(Extracted records)
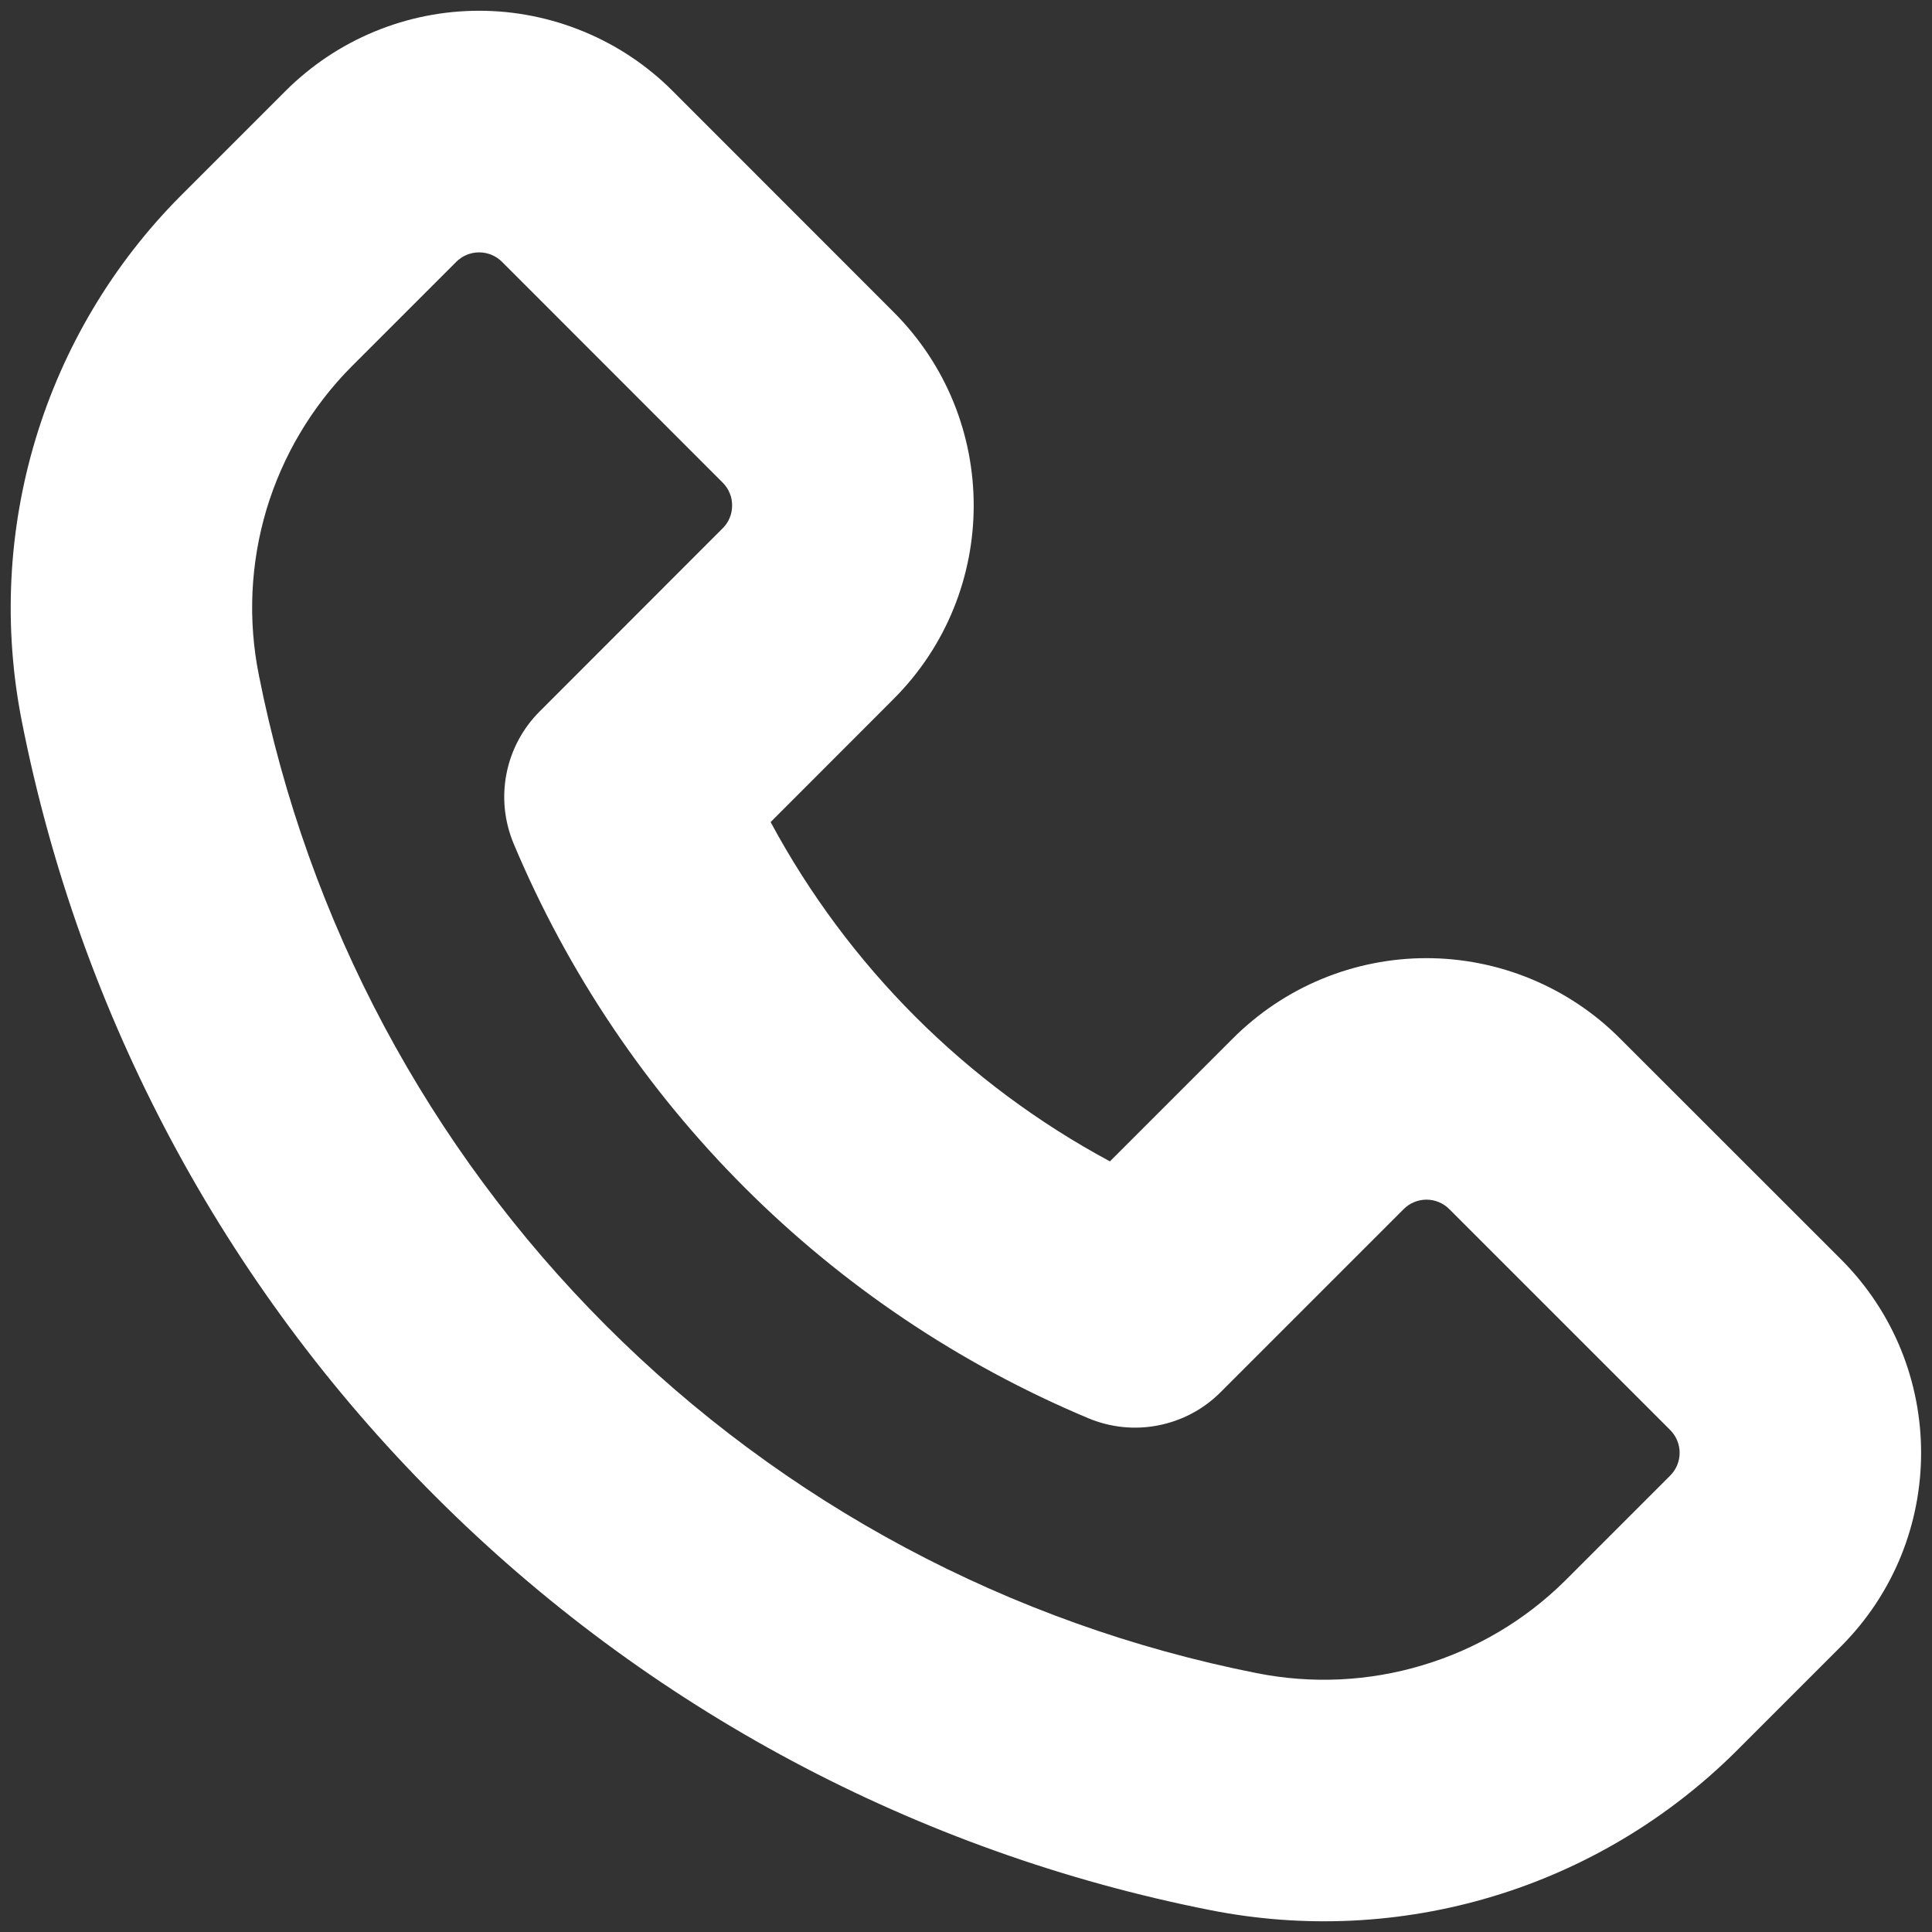 <svg width="16" height="16" viewBox="0 0 16 16" fill="none" xmlns="http://www.w3.org/2000/svg">
<rect x="0" y="0" width="16" height="16" fill="#333333" stroke="none"/>
<path fill-rule="evenodd" clip-rule="evenodd" d="M2.364 0.754C2.575 0.543 2.825 0.376 3.1 0.262C3.375 0.148 3.67 0.089 3.968 0.089C4.265 0.089 4.56 0.148 4.835 0.262C5.111 0.376 5.361 0.543 5.571 0.754L7.4 2.584C8.285 3.468 8.285 4.904 7.4 5.789L6.382 6.808C7.023 8 8 8.977 9.192 9.618L10.21 8.6C10.421 8.389 10.67 8.222 10.945 8.108C11.22 7.994 11.515 7.935 11.813 7.935C12.111 7.935 12.406 7.994 12.681 8.108C12.956 8.222 13.206 8.389 13.416 8.6L15.246 10.429C16.131 11.314 16.131 12.749 15.246 13.635L14.376 14.505C13.814 15.063 13.123 15.476 12.364 15.705C11.605 15.934 10.802 15.973 10.024 15.819C7.592 15.339 5.358 14.146 3.606 12.393C1.853 10.641 0.661 8.407 0.181 5.975C0.027 5.197 0.066 4.394 0.295 3.635C0.524 2.876 0.936 2.185 1.495 1.623L2.364 0.754ZM4.157 2.168C4.107 2.118 4.039 2.09 3.968 2.09C3.897 2.09 3.829 2.118 3.779 2.168L2.909 3.038C2.582 3.368 2.341 3.774 2.207 4.219C2.074 4.665 2.052 5.136 2.144 5.592C2.548 7.633 3.549 9.508 5.02 10.979C6.491 12.451 8.366 13.452 10.407 13.856C10.863 13.947 11.335 13.925 11.78 13.791C12.226 13.658 12.632 13.417 12.962 13.09L13.832 12.22C13.882 12.17 13.91 12.102 13.91 12.031C13.91 11.961 13.882 11.893 13.832 11.843L12.002 10.013C11.952 9.963 11.884 9.935 11.814 9.935C11.743 9.935 11.675 9.963 11.625 10.013L10.107 11.531C9.967 11.671 9.788 11.766 9.594 11.804C9.399 11.843 9.198 11.822 9.015 11.746C6.865 10.845 5.155 9.135 4.253 6.985C4.177 6.802 4.156 6.6 4.195 6.405C4.233 6.211 4.329 6.032 4.469 5.892L5.985 4.375C6.01 4.35 6.03 4.321 6.043 4.288C6.057 4.256 6.063 4.221 6.063 4.186C6.063 4.151 6.057 4.116 6.043 4.084C6.03 4.051 6.01 4.022 5.985 3.997L4.157 2.168Z" fill="white"/>
</svg>
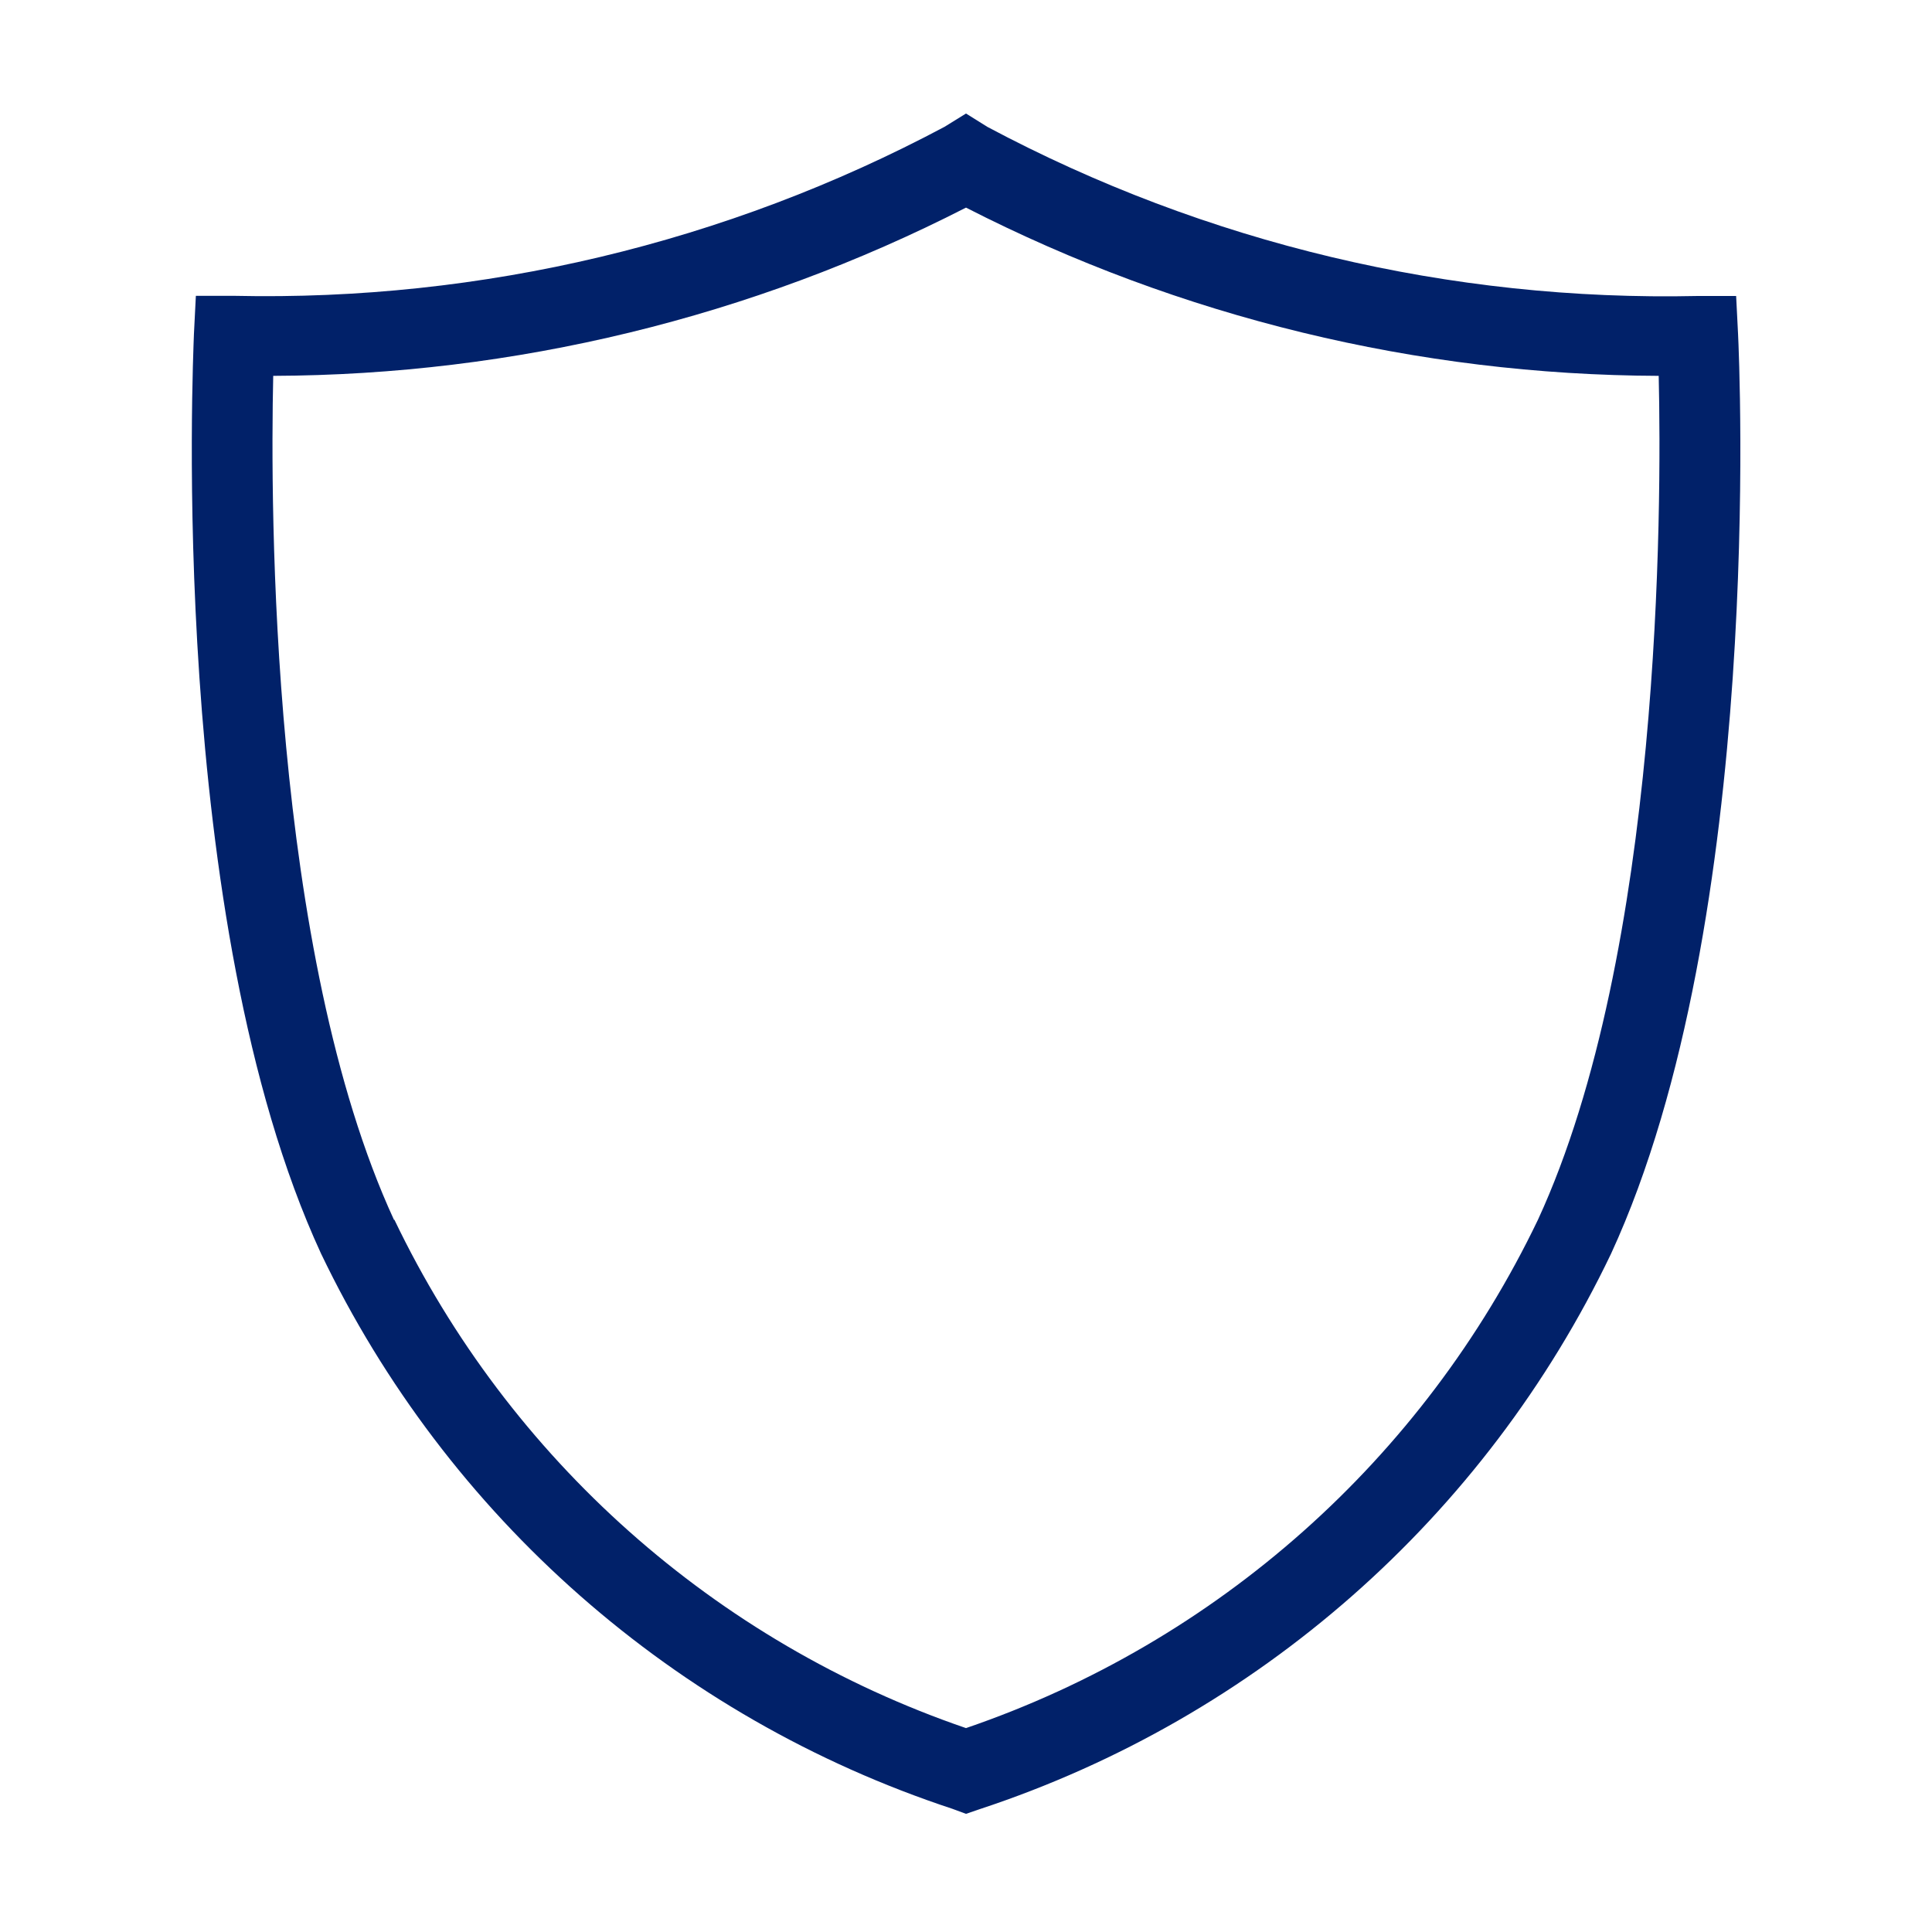 <?xml version="1.0" encoding="UTF-8"?>
<svg width="50px" height="50px" viewBox="0 0 50 50" version="1.1" xmlns="http://www.w3.org/2000/svg" xmlns:xlink="http://www.w3.org/1999/xlink">
    <title>OUS-IndiaLP-TileIcons-Icon2</title>
    <g id="OUS-IndiaLP-TileIcons-Icon2" stroke="none" stroke-width="1" fill="none" fill-rule="evenodd">
        <g id="icons/cashpro/online">
            <g id="icon-bounding-box" fill="#FFFFFF" opacity="0">
                <rect id="Ø-library-elements/Icons/icon-bounding-box" x="0" y="0" width="50" height="50"></rect>
            </g>
            <path d="M25,46.942 L24.648,46.812 C17.471,44.446 11.569,39.254 8.306,32.438 L8.306,32.438 C4.321,23.802 5,9.26 5.019,8.646 L5.069,7.656 L6.06,7.656 C12.463,7.797 18.794,6.291 24.446,3.281 L25,2.938 L25.556,3.285 C31.208,6.296 37.538,7.802 43.94,7.66 L44.931,7.66 L44.981,8.65 C45.01,9.265 45.679,23.806 41.694,32.446 C38.433,39.263 32.531,44.455 25.354,46.821 L25,46.942 Z M10.208,31.569 C13.176,37.759 18.506,42.498 25,44.723 C31.499,42.5 36.832,37.76 39.802,31.567 C43.002,24.631 43.006,13.135 42.927,9.727 C36.692,9.705 30.551,8.213 25,5.373 C19.449,8.214 13.306,9.705 7.071,9.727 C6.994,13.135 6.998,24.631 10.196,31.569 L10.208,31.569 Z" id="icon" fill="#012169"></path>
        </g>
    </g>
</svg>

TASK INSTRUCTIONS »
Copy each line of the entries that includes the word "IndiaLP".

YOUR SOLUTION »
    <title>OUS-IndiaLP-TileIcons-Icon2</title>
    <g id="OUS-IndiaLP-TileIcons-Icon2" stroke="none" stroke-width="1" fill="none" fill-rule="evenodd">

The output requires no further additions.